▸ PROBLEM DESCRIPTION
For the listing below, output exactly the lines from the line with "#310 = CARTESIAN_POINT('',(0.709,0.063));" up to and including the line with "#462 = CARTESIAN_POINT('',(0.,5.837));", and no other lines.

—————

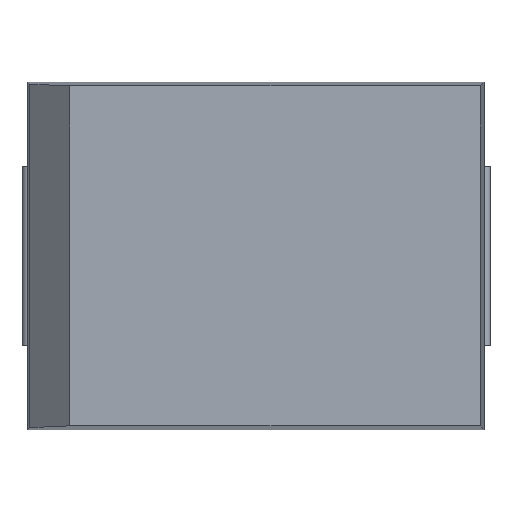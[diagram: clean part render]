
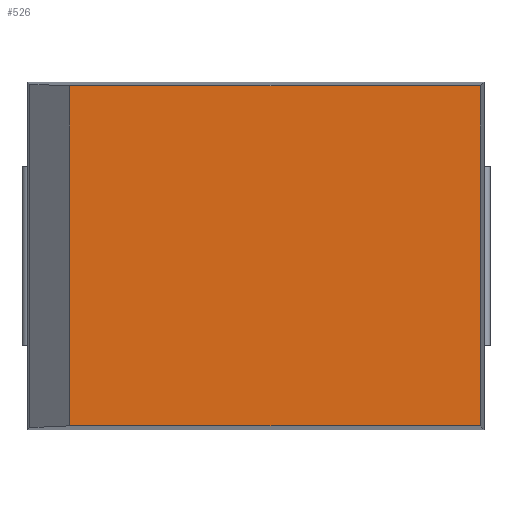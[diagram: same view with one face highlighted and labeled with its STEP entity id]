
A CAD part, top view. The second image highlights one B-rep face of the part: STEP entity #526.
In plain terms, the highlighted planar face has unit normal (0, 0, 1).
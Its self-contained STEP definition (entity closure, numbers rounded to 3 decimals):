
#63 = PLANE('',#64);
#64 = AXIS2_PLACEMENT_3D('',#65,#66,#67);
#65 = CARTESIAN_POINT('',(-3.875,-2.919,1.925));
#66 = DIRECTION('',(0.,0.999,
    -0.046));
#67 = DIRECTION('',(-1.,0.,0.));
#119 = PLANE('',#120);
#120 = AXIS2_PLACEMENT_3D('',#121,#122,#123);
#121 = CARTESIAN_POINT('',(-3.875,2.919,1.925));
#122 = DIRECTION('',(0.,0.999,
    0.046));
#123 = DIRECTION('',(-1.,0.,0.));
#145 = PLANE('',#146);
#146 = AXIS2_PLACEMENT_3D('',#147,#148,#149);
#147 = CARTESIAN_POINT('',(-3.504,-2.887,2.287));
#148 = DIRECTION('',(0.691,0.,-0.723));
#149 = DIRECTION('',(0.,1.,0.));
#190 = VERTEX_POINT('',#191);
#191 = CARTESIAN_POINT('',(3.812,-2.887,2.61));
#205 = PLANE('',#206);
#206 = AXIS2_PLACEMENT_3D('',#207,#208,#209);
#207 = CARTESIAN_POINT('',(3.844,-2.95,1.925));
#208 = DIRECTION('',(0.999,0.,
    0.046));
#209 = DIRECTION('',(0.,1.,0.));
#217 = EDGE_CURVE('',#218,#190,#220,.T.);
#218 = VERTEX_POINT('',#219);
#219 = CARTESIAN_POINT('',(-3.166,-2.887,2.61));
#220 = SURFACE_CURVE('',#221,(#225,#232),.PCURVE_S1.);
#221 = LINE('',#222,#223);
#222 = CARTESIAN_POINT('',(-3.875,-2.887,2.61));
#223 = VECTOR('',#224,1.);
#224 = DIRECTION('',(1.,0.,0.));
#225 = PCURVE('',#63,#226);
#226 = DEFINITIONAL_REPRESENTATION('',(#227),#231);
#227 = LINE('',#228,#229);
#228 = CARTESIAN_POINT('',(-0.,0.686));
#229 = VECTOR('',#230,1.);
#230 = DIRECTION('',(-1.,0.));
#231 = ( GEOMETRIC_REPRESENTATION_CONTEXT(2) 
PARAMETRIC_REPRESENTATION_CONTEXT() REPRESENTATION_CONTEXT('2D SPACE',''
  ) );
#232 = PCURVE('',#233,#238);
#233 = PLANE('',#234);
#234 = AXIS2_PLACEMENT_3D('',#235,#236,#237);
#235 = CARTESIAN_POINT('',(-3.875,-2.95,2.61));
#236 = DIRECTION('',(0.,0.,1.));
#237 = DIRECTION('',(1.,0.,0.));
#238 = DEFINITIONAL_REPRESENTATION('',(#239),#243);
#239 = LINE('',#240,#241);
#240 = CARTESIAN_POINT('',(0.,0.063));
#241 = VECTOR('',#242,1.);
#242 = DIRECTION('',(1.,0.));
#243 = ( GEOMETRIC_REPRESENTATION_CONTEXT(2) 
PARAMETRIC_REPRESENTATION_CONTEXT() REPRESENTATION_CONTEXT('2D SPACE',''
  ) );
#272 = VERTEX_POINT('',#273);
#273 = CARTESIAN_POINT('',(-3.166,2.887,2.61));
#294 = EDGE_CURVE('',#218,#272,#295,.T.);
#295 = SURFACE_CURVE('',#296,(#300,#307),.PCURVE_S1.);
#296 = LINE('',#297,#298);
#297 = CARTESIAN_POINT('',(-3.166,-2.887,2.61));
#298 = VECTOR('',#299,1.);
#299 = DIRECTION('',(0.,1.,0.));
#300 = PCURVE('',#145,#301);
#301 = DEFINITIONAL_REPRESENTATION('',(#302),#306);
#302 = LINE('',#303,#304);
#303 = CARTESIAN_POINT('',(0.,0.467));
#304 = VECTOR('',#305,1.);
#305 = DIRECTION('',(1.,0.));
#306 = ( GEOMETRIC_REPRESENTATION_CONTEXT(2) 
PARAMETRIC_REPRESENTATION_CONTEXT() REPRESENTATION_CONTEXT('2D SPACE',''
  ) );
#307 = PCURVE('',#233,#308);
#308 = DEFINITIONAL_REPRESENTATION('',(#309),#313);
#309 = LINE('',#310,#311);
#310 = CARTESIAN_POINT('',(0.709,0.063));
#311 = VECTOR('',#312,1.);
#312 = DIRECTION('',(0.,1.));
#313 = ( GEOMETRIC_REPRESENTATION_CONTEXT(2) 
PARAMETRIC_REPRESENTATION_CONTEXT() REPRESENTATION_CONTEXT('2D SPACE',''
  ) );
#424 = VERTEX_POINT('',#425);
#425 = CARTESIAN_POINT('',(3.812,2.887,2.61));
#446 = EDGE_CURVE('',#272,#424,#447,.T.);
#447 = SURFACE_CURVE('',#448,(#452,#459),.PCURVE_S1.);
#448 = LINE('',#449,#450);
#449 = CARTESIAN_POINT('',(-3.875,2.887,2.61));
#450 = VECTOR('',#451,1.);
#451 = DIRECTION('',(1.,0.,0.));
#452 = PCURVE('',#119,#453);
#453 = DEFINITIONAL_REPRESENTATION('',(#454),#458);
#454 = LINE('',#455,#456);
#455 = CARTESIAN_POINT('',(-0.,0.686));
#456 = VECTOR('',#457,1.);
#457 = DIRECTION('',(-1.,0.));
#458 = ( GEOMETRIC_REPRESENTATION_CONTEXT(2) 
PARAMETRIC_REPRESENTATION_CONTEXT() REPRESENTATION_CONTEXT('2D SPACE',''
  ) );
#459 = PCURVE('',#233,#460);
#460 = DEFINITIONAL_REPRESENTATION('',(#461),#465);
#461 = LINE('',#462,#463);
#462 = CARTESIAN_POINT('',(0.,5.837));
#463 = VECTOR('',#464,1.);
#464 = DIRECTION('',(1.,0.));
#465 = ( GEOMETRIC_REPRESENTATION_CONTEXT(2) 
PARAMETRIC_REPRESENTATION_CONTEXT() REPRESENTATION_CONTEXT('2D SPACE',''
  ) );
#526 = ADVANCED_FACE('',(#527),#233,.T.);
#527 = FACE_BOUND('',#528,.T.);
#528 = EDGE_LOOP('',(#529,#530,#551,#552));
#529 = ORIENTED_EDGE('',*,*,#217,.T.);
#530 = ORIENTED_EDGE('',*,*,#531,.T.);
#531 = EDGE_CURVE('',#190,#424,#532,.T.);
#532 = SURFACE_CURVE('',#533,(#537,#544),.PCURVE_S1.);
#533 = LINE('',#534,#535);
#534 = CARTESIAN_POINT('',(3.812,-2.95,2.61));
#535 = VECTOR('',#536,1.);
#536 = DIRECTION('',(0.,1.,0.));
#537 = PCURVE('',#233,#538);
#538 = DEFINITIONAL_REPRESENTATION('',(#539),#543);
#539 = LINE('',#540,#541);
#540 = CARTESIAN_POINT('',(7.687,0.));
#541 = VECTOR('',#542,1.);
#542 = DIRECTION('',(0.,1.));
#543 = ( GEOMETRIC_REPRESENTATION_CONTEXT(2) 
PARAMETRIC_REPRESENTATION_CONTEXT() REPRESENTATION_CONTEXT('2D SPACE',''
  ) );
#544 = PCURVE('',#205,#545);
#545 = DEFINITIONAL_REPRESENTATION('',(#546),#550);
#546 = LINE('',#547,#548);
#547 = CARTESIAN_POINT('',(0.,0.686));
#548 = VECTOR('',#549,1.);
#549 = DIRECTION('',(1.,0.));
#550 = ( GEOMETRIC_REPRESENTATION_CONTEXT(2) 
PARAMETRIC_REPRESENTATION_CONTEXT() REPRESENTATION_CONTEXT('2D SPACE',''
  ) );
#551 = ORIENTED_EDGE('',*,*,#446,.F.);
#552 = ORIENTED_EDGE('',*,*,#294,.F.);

—————

▸ WRITTEN SOLUTION
#310 = CARTESIAN_POINT('',(0.709,0.063));
#311 = VECTOR('',#312,1.);
#312 = DIRECTION('',(0.,1.));
#313 = ( GEOMETRIC_REPRESENTATION_CONTEXT(2) 
PARAMETRIC_REPRESENTATION_CONTEXT() REPRESENTATION_CONTEXT('2D SPACE',''
  ) );
#424 = VERTEX_POINT('',#425);
#425 = CARTESIAN_POINT('',(3.812,2.887,2.61));
#446 = EDGE_CURVE('',#272,#424,#447,.T.);
#447 = SURFACE_CURVE('',#448,(#452,#459),.PCURVE_S1.);
#448 = LINE('',#449,#450);
#449 = CARTESIAN_POINT('',(-3.875,2.887,2.61));
#450 = VECTOR('',#451,1.);
#451 = DIRECTION('',(1.,0.,0.));
#452 = PCURVE('',#119,#453);
#453 = DEFINITIONAL_REPRESENTATION('',(#454),#458);
#454 = LINE('',#455,#456);
#455 = CARTESIAN_POINT('',(-0.,0.686));
#456 = VECTOR('',#457,1.);
#457 = DIRECTION('',(-1.,0.));
#458 = ( GEOMETRIC_REPRESENTATION_CONTEXT(2) 
PARAMETRIC_REPRESENTATION_CONTEXT() REPRESENTATION_CONTEXT('2D SPACE',''
  ) );
#459 = PCURVE('',#233,#460);
#460 = DEFINITIONAL_REPRESENTATION('',(#461),#465);
#461 = LINE('',#462,#463);
#462 = CARTESIAN_POINT('',(0.,5.837));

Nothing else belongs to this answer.